Exercise aim: Copy all the lines of the data that include the word "fill".

- - - -

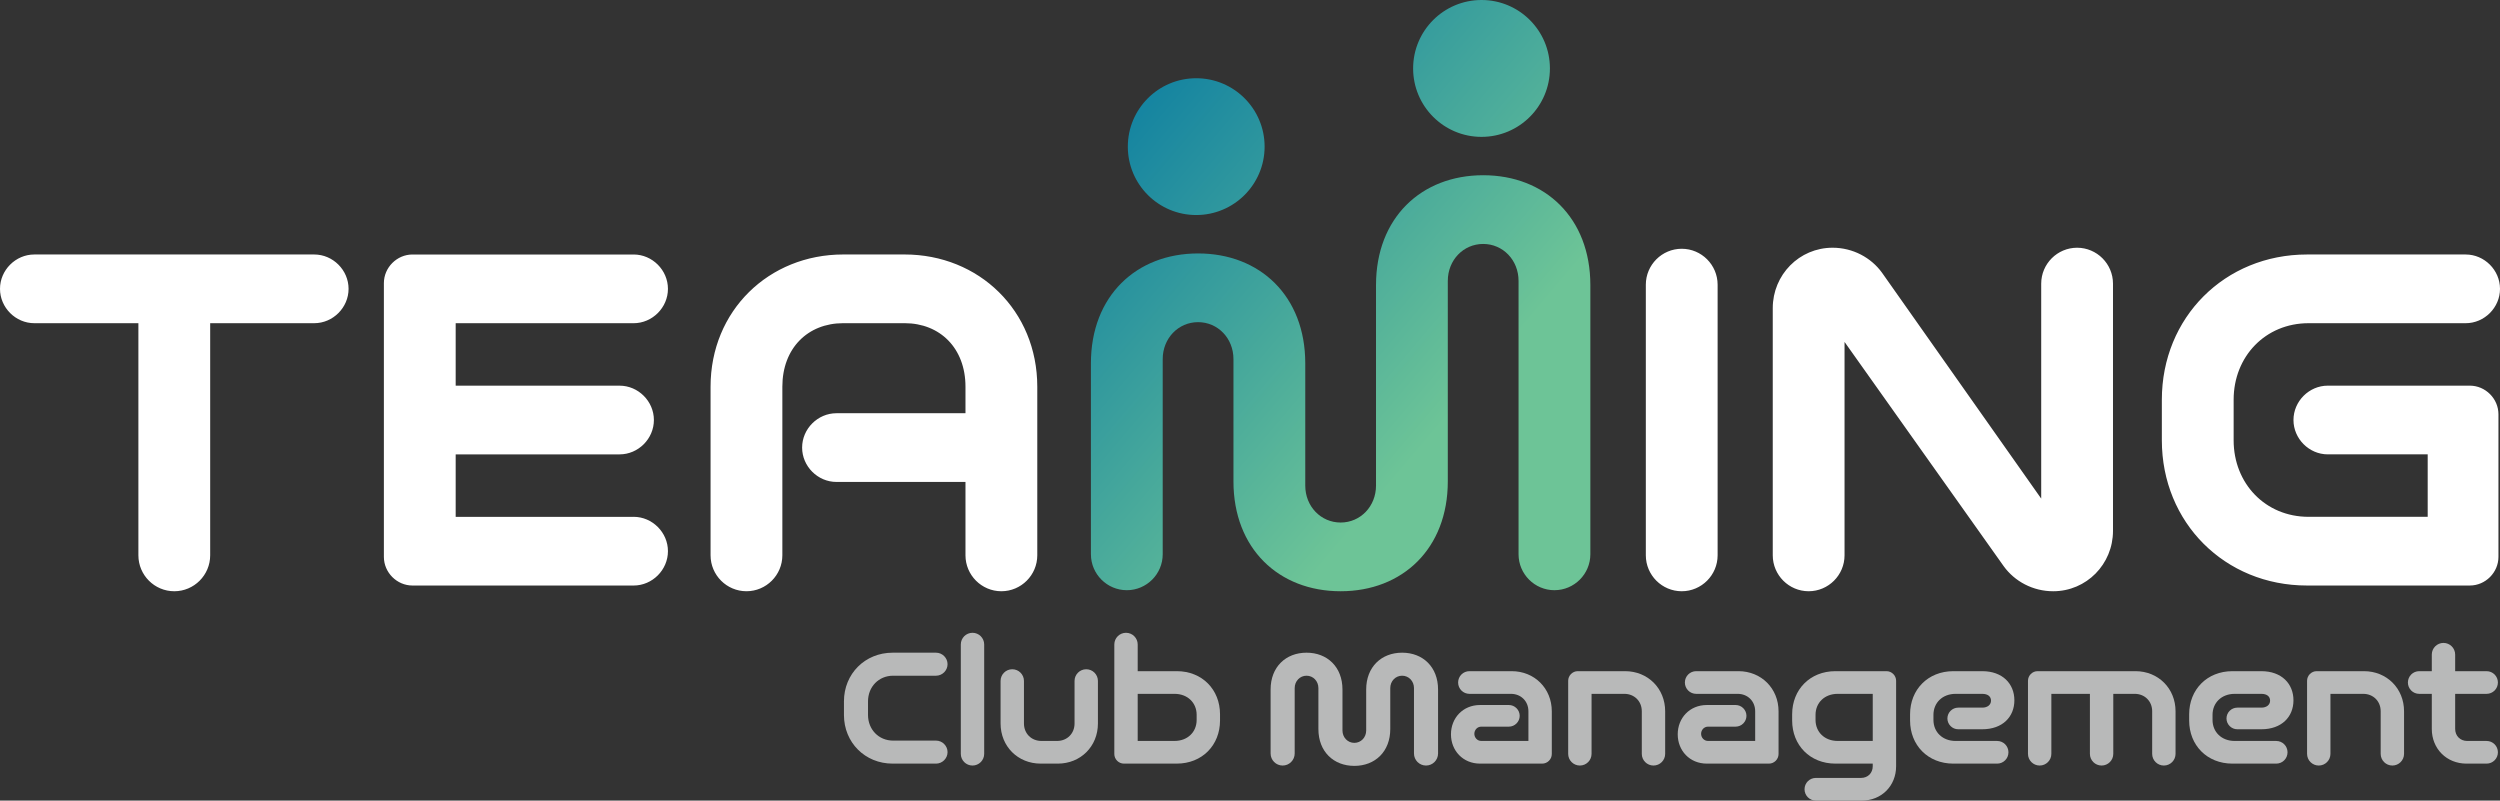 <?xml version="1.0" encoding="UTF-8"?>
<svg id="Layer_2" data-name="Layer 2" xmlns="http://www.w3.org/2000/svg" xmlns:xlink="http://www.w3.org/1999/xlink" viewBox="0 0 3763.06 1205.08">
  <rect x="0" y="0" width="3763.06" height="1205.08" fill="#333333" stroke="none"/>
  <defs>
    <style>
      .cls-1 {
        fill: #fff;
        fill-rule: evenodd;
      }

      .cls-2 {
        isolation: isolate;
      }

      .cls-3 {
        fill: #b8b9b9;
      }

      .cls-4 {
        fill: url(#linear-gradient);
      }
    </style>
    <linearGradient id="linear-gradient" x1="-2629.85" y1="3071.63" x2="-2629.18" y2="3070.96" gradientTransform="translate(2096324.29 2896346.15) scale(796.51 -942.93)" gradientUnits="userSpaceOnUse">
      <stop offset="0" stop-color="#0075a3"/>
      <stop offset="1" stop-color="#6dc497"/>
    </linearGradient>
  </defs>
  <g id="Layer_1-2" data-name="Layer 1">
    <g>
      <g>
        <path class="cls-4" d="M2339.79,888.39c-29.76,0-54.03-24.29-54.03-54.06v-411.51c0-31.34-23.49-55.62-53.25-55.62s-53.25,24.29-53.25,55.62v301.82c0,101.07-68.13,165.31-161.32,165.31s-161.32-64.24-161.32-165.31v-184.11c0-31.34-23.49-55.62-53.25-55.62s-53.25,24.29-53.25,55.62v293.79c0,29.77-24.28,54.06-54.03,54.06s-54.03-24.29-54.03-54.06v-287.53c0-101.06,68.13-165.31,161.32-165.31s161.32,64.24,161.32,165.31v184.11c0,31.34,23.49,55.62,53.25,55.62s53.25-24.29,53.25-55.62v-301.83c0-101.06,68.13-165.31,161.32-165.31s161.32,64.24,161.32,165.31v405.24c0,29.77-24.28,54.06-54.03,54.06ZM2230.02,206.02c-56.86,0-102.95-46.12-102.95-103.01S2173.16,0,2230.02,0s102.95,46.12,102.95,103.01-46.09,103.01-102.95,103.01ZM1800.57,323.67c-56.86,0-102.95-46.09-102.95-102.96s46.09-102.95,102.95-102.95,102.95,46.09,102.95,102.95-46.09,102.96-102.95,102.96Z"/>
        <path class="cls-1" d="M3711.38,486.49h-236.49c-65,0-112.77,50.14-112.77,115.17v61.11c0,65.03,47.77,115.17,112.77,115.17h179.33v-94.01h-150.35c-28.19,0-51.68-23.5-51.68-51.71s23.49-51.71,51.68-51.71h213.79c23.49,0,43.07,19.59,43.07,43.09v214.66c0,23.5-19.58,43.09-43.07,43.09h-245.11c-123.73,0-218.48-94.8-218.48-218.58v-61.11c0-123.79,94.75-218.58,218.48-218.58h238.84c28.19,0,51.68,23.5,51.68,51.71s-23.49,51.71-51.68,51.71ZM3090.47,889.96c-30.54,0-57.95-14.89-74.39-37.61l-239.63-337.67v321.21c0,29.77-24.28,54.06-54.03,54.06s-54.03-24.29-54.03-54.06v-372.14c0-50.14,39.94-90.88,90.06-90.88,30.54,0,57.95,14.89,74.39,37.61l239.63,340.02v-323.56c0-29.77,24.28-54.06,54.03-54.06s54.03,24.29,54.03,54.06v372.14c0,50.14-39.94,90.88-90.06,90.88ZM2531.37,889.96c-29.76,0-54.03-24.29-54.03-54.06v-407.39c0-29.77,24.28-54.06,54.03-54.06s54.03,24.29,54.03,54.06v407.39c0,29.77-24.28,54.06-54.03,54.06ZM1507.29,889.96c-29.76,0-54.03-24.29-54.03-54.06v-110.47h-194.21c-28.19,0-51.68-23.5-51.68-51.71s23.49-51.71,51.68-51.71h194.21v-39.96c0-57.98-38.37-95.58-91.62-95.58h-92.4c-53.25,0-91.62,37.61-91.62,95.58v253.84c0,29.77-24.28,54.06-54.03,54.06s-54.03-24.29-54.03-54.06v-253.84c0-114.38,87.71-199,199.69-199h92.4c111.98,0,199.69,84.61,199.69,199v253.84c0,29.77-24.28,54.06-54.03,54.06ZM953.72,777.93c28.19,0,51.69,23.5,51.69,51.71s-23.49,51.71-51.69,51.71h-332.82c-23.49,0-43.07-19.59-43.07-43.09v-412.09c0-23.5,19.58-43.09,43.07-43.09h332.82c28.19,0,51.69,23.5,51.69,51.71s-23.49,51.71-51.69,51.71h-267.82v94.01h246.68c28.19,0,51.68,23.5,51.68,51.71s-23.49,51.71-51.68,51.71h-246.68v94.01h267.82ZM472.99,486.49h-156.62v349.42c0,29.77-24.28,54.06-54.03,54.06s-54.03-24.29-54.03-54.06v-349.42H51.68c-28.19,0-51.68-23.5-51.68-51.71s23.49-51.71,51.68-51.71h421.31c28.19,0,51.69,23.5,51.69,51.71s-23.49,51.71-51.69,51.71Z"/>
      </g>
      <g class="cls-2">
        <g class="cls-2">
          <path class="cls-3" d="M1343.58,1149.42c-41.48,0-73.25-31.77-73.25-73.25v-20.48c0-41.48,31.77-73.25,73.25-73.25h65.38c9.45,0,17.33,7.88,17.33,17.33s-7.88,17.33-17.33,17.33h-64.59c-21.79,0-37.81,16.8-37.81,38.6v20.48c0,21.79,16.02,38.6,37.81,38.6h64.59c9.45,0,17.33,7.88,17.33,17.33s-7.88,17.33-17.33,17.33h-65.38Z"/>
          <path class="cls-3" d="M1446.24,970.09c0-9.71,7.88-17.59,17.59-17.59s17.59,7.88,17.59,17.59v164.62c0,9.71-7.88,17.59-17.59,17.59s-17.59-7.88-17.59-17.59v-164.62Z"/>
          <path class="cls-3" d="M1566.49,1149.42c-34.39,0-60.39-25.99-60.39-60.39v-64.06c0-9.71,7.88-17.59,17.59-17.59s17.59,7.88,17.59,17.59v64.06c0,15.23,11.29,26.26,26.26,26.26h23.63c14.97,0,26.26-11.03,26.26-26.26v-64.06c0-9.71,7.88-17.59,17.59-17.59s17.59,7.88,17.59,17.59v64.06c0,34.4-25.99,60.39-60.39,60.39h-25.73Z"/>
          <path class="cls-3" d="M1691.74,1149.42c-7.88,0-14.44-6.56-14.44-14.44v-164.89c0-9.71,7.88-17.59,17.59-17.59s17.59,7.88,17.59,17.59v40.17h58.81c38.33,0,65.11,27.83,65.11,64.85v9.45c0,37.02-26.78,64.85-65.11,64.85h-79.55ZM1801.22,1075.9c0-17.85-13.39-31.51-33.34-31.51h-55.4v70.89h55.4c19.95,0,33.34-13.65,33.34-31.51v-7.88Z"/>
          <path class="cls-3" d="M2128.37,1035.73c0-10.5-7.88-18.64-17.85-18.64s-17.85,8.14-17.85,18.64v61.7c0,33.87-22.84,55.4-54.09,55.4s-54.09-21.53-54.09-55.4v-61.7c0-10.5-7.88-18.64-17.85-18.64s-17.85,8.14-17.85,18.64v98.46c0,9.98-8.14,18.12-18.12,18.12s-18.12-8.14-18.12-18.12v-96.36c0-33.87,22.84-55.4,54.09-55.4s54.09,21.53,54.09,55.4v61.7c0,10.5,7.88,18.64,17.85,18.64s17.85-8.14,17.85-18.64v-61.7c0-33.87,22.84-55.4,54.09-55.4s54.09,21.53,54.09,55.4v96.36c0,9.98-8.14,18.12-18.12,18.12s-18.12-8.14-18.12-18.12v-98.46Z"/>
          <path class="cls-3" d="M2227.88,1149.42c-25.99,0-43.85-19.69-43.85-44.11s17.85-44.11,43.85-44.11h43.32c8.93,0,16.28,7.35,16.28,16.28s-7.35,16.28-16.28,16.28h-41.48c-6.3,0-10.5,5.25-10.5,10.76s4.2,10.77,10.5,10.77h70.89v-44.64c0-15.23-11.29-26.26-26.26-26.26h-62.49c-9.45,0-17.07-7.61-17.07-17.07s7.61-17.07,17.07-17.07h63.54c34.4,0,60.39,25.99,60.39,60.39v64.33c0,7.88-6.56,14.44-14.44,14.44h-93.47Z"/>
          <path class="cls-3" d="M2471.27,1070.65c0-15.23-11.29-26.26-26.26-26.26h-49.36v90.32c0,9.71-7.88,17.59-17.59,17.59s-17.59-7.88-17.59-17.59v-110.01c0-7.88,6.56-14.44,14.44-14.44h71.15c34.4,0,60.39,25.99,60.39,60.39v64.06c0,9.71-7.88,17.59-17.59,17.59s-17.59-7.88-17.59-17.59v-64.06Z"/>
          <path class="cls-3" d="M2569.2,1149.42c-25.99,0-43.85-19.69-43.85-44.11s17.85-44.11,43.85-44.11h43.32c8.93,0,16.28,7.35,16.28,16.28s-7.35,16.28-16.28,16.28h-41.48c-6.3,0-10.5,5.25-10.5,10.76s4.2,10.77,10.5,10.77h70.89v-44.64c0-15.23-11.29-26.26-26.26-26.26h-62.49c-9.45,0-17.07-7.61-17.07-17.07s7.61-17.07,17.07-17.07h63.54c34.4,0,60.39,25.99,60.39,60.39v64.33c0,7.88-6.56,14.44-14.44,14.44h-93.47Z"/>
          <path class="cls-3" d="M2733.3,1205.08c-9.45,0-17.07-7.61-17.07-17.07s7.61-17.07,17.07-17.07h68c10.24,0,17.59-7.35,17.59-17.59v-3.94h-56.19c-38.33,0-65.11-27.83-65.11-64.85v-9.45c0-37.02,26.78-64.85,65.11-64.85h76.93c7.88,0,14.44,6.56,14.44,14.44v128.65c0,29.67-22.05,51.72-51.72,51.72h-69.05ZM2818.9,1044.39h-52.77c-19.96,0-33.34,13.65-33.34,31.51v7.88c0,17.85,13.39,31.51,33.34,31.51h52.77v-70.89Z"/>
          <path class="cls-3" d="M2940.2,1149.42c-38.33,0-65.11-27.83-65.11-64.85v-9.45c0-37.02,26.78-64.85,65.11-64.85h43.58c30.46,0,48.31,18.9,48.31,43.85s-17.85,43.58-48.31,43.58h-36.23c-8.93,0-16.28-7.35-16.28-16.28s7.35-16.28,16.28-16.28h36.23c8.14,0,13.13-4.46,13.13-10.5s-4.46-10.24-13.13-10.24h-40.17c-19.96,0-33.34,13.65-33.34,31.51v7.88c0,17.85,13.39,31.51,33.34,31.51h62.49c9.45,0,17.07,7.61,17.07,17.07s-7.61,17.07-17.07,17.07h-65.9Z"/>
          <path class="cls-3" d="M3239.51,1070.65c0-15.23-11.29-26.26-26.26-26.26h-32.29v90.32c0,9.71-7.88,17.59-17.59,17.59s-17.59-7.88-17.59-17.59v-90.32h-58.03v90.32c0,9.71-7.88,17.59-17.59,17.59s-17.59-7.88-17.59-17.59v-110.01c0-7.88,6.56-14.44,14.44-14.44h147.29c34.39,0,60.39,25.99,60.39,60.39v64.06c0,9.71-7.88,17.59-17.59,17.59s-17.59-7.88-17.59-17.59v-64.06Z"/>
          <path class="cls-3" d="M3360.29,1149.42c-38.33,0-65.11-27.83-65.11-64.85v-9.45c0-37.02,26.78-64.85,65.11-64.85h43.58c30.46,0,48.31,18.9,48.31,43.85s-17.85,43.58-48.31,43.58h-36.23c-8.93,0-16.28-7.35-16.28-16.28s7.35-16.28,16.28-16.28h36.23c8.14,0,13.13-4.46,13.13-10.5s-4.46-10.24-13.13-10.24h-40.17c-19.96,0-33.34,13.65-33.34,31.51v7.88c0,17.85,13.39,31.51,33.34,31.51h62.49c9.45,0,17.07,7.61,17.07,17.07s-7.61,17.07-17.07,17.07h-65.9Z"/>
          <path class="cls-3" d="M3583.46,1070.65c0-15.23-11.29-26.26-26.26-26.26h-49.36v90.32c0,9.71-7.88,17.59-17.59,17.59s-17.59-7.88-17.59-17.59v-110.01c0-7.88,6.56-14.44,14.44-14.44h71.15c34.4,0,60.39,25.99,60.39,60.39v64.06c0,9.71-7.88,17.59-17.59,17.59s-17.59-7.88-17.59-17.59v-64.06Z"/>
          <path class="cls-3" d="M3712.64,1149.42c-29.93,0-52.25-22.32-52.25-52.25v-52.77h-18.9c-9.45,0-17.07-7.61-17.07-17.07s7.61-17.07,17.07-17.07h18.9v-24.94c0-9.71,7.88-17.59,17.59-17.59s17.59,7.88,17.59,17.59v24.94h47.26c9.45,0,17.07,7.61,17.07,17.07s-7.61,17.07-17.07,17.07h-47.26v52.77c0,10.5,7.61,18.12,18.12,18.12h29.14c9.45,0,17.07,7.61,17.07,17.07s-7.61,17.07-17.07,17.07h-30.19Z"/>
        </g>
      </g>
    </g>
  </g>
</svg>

- - - -

Solution:
  <rect x="0" y="0" width="3763.06" height="1205.08" fill="#333333" stroke="none"/>
        fill: #fff;
        fill-rule: evenodd;
        fill: #b8b9b9;
        fill: url(#linear-gradient);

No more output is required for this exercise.